Note that a subclass, _LevelsClassifier, of _Classifier is supplied, which aids the construction of classifiers which group transcripts based on ranges of some parameter that takes many possible values (for example, transcript length in base pairs, or transcript abundance measured in TPM). Parameters to be supplied to the _LevelsClassifier constructor are as follows:

  • column_name: As for _Classifier.
  • value_extractor: A function which takes a row of a pandas DataFrame (as described for _Classifier above) and extracts a numeric classification value for the transcript indicated by the row.

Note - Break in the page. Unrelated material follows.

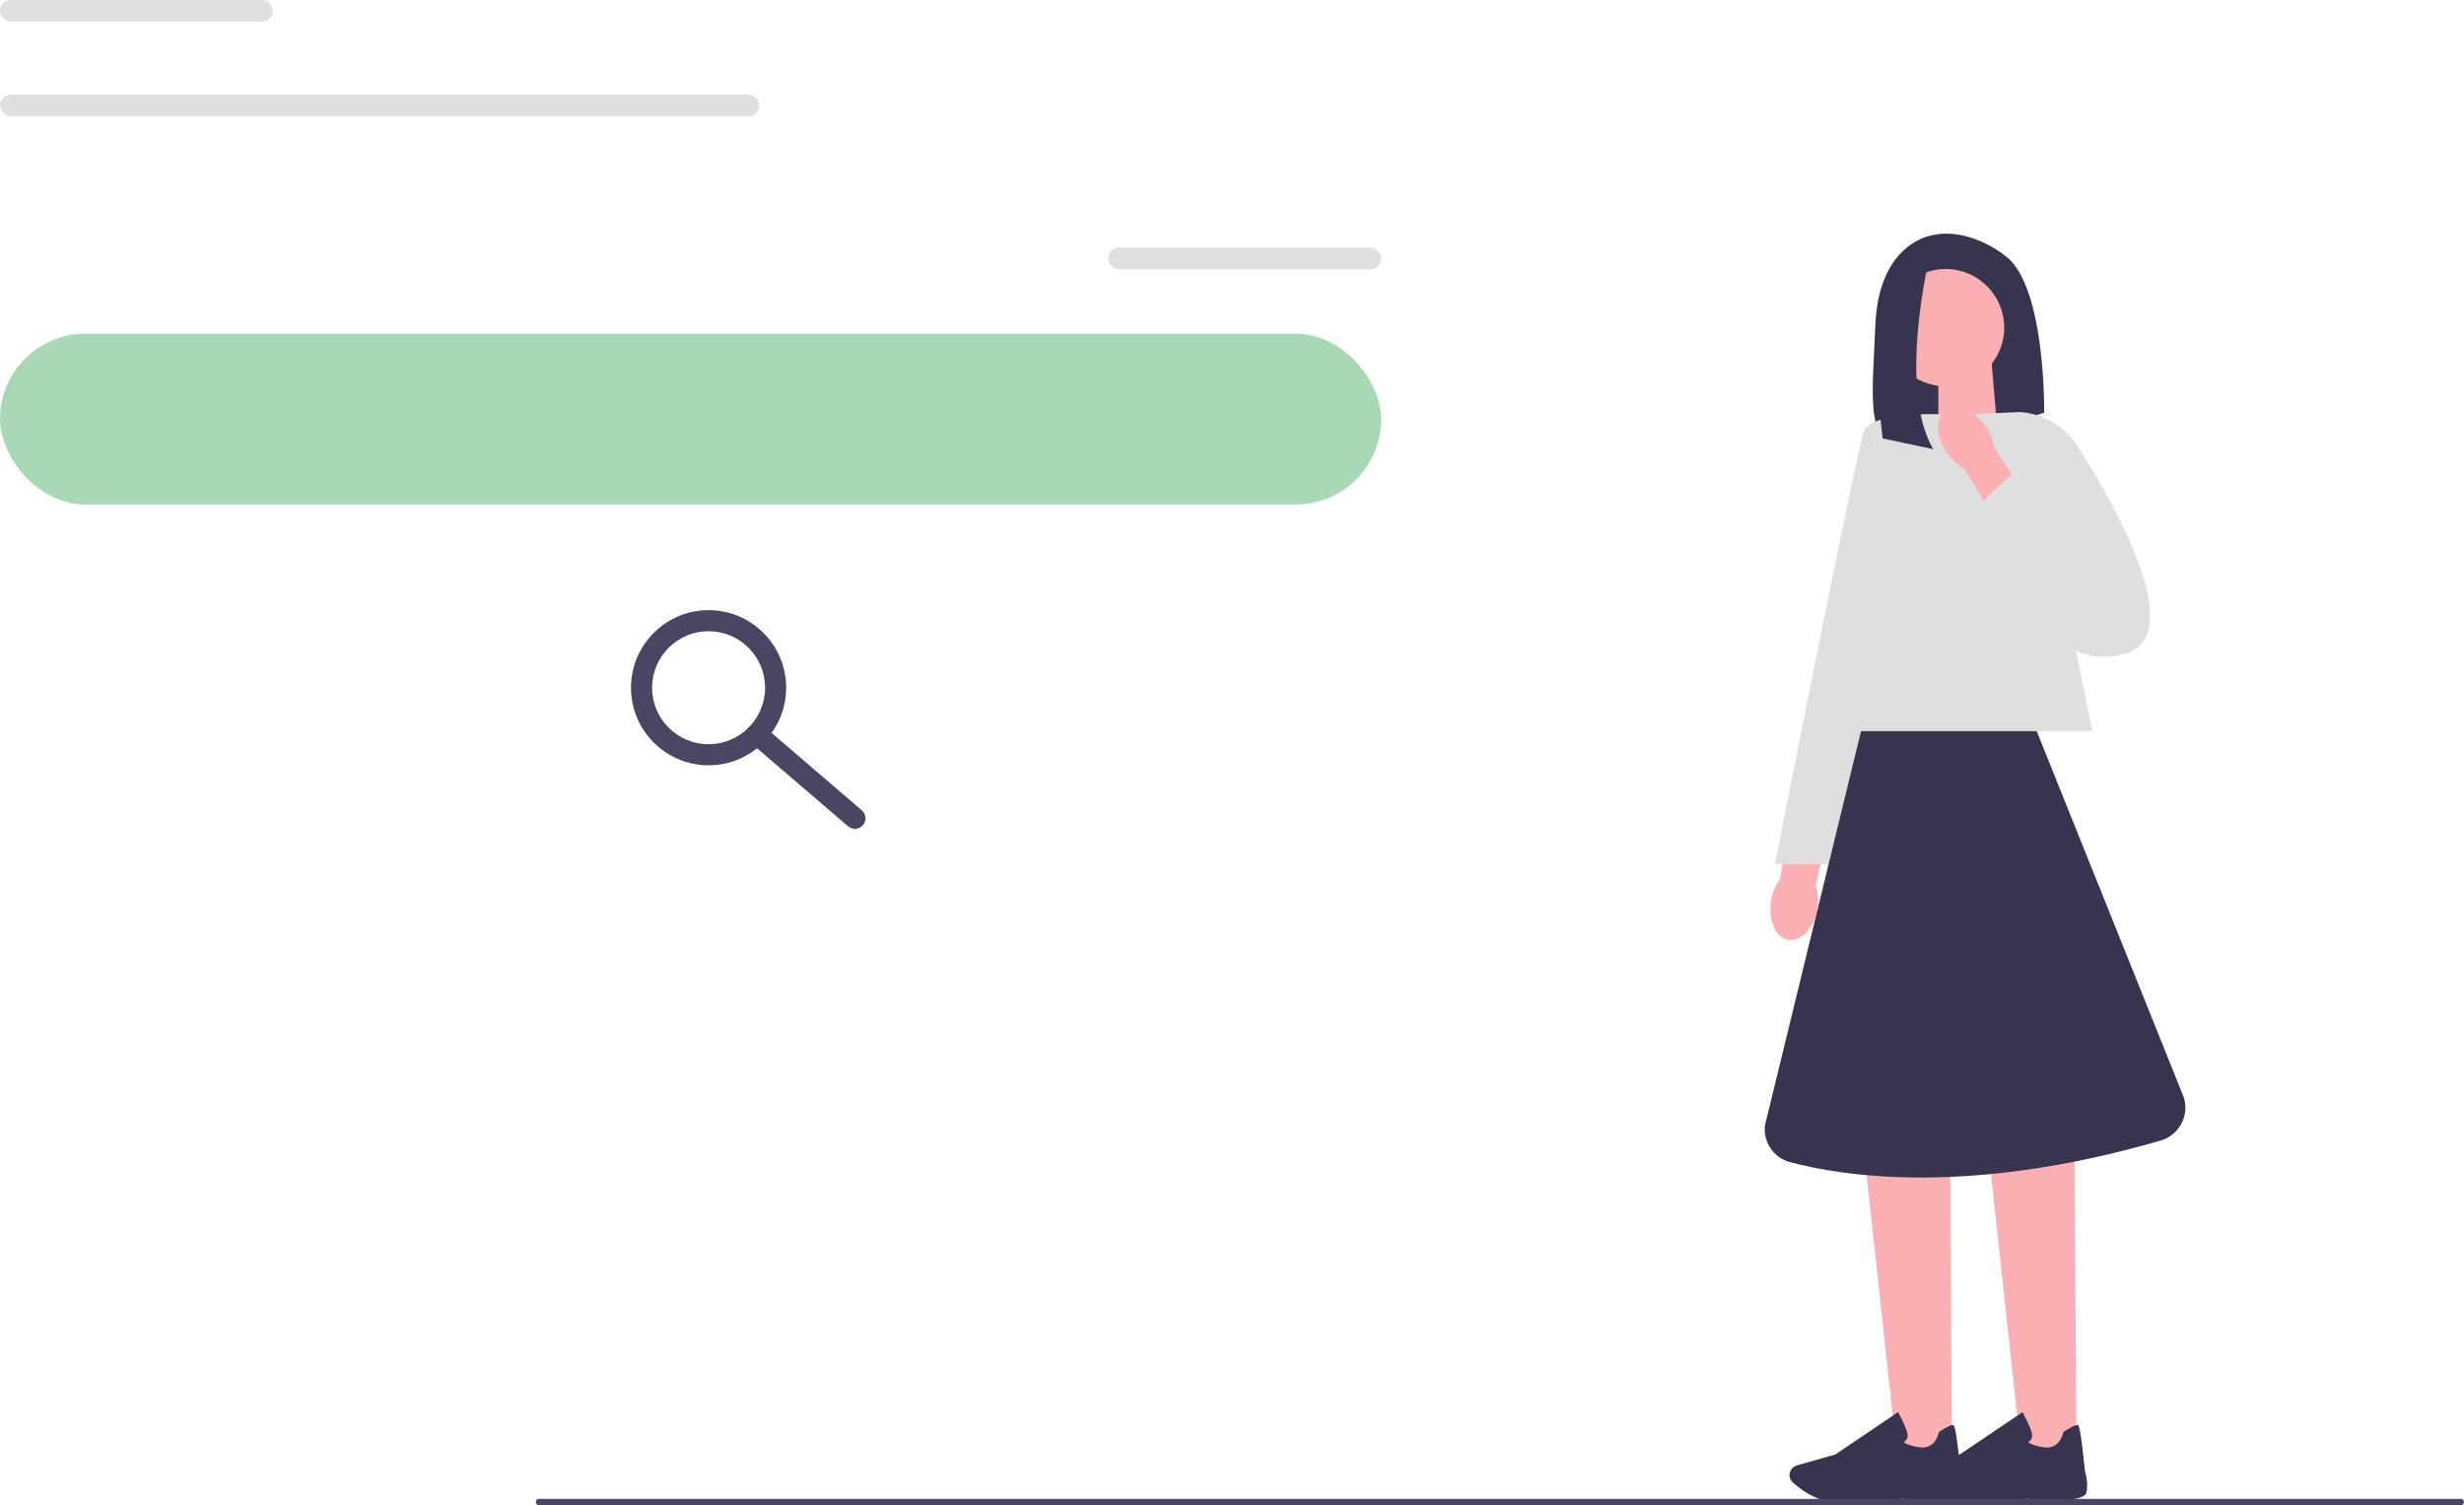 <svg xmlns="http://www.w3.org/2000/svg" xmlns:xlink="http://www.w3.org/1999/xlink" width="934.977" height="571.136" viewBox="0 0 934.977 571.136"><path d="m733.518,89.206s-20.581,2.324-21.909,34.191c-1.107,26.556-3.366,41.355,7.438,46.895,3.862,1.98,8.404,2.154,12.526.799l44.102-14.499s.664-47.801-14.606-59.419-27.552-7.967-27.552-7.967l0.0 0Z" fill="#36344e"></path><polygon points="757.828 162.459 735.51 169.797 735.51 137.671 755.758 137.671 757.828 162.459" fill="#faafb2"></polygon><path id="uuid-4eda5a58-6320-4b96-8c61-04382cd36dce-655" d="m689.602,344.84c-1.21,7.361-6.119,12.639-10.965,11.788-4.846-.85-7.792-7.505-6.581-14.869.442-2.949,1.608-5.736,3.4-8.129l5.533-31.116,15.054,3.15-7.052,30.341c.927,2.871,1.137,5.901.611,8.836,0,0,0,0,0,0h-0Z" fill="#faafb2"></path><polygon points="740.702 551.766 719.796 551.766 707.673 440.069 739.985 440.069 740.702 551.766" fill="#faafb2"></polygon><path d="m699.438,569.72c-2.199,0-4.155-.055-5.629-.19-5.555-.51-10.852-4.607-13.515-7.005-1.194-1.075-1.579-2.792-.956-4.273h0c.446-1.063,1.338-1.854,2.447-2.171l14.672-4.192,23.758-16.029.265.475c.099.178,2.432,4.38,3.213,7.221.297,1.081.219,1.981-.232,2.676-.313.482-.747.763-1.101.922.431.452,1.778,1.362,5.928,2.025,6.066.961,7.334-5.316,7.385-5.583l.04-.211.18-.116c2.885-1.858,4.657-2.704,5.272-2.522.383.115,1.023.305,2.742,17.411.174.535,1.381,4.473.56,8.236-.894,4.097-18.78,2.687-22.358,2.363-.102.013-13.495.964-22.672.964Z" fill="#36344e"></path><polygon points="787.929 551.766 767.023 551.766 754.9 440.069 787.212 440.069 787.929 551.766" fill="#faafb2"></polygon><path d="m746.665,569.72c-2.199,0-4.155-.055-5.629-.19-5.555-.51-10.852-4.607-13.515-7.005-1.194-1.075-1.579-2.792-.957-4.273v-0c.447-1.062,1.338-1.854,2.447-2.171l14.672-4.192,23.758-16.029.265.475c.099.178,2.432,4.38,3.213,7.221.297,1.081.219,1.981-.232,2.676-.313.482-.747.763-1.101.922.431.452,1.778,1.362,5.928,2.025,6.066.961,7.334-5.316,7.385-5.583l.04-.211.18-.116c2.885-1.858,4.662-2.7,5.272-2.522.383.115,1.023.305,2.742,17.411.174.535,1.381,4.473.56,8.236-.893,4.096-18.781,2.687-22.358,2.363-.102.013-13.495.964-22.672.964Z" fill="#36344e"></path><polygon points="793.942 277.421 692.365 277.421 728.88 157.256 769.378 157.256 793.942 277.421" fill="#dfdfe0"></polygon><path d="m735.27,157.274s-25.228-.664-27.884,5.975-33.859,164.647-33.859,164.647h20.581l41.162-170.622Z" fill="#dfdfe0"></path><circle cx="738.273" cy="124.324" r="22.241" fill="#faafb2"></circle><path d="m732.19,97.505s-12.24,49.697,1.37,72.933l-19.17-4.071s-7.428-54.394,7.51-64.284l10.29-4.578Z" fill="#36344e"></path><path d="m772.833,277.421h-66.657l-36.474,149.686c-.67,6.323,3.339,12.221,9.481,13.866,20.013,5.359,68.025,12.95,140.701-8.196,6.994-2.035,10.963-9.412,8.768-16.357l-55.818-138.998h-0Z" fill="#36344e"></path><g><path d="m745.882,157.256l20.734-.913c8.978.678,17.097,5.565,21.911,13.174,14.647,23.155,42.064,71.971,17.586,78.659-32.256,8.812-47.886-40.237-47.886-40.237l-12.345-50.682v0Z" fill="#dfdfe0"></path><path id="uuid-c6b4a34a-6b5e-4c42-b21b-879ce560fe33-656" d="m738.765,171.798c-4.26-6.123-4.414-13.33-.346-16.096,4.069-2.766,10.819-.044,15.079,6.083,1.737,2.423,2.842,5.235,3.224,8.201l17.707,26.178-12.994,8.228-16.076-26.68c-2.665-1.414-4.926-3.441-6.594-5.913,0,0,0-0,0,0l0-0Z" fill="#faafb2"></path><polygon points="749.248 192.974 763.879 179.506 792.81 206.442 765.905 224.835 749.248 192.974" fill="#dfdfe0"></polygon></g><rect y="126.627" width="524.085" height="64.816" rx="32.408" ry="32.408" fill="#a9d8b5"></rect><g><path d="m268.875,290.402c-16.233,0-29.439-13.207-29.439-29.439s13.207-29.439,29.439-29.439,29.439,13.207,29.439,29.439-13.207,29.439-29.439,29.439Zm0-50.879c-11.822,0-21.439,9.618-21.439,21.439s9.618,21.439,21.439,21.439,21.439-9.618,21.439-21.439-9.618-21.439-21.439-21.439Z" fill="#484662"></path><path d="m324.408,314.512c-.921,0-1.847-.316-2.602-.963l-37.213-31.91c-1.677-1.438-1.871-3.963-.433-5.641,1.438-1.676,3.963-1.871,5.64-.433l37.213,31.91c1.677,1.438,1.871,3.963.433,5.641-.791.922-1.912,1.396-3.039,1.396Z" fill="#484662"></path></g><path d="m203.307,569.946c0,.66.53,1.19,1.19,1.19h729.29c.66,0,1.19-.53,1.19-1.19,0-.66-.53-1.19-1.19-1.19H204.497c-.66,0-1.19.53-1.19,1.19Z" fill="#484565"></path><rect x="420.498" y="93.953" width="103.587" height="8.23" rx="4.115" ry="4.115" fill="#dfdfe0"></rect><rect y="0" width="103.587" height="8.23" rx="4.115" ry="4.115" fill="#dfdfe0"></rect><rect y="35.914" width="288.108" height="8.23" rx="4.115" ry="4.115" fill="#dfdfe0"></rect></svg>

Note, however, that transcripts are classified into groups based on the particular range this values falls into, as determined by the levels and closed parameters below.
  • levels: A list of numbers defining the ranges of values (as determined by the value_extractor function) for which transcripts are considered to belong to the same group. The first group consists of all transcripts whose value is less than or equal to the first item in levels; the second group those transcripts whose value is greater than the first item in levels and less than or equal to the second item, and so on. The nature of the final group is determined by the parameter closed below.
  • closed [Optional - default: False]: A boolean. If False, the final group for the classifier consists of all transcripts whose value (as determined by the value_extractor function) is greater than or equal to the last item in levels. If True, there is no such open range: the final group consists of all transcripts whose value is greater than or equal to the last but one item in levels, and less than or equal to the last item.
  • plot_title [Optional - default: None]: As for _Classifier.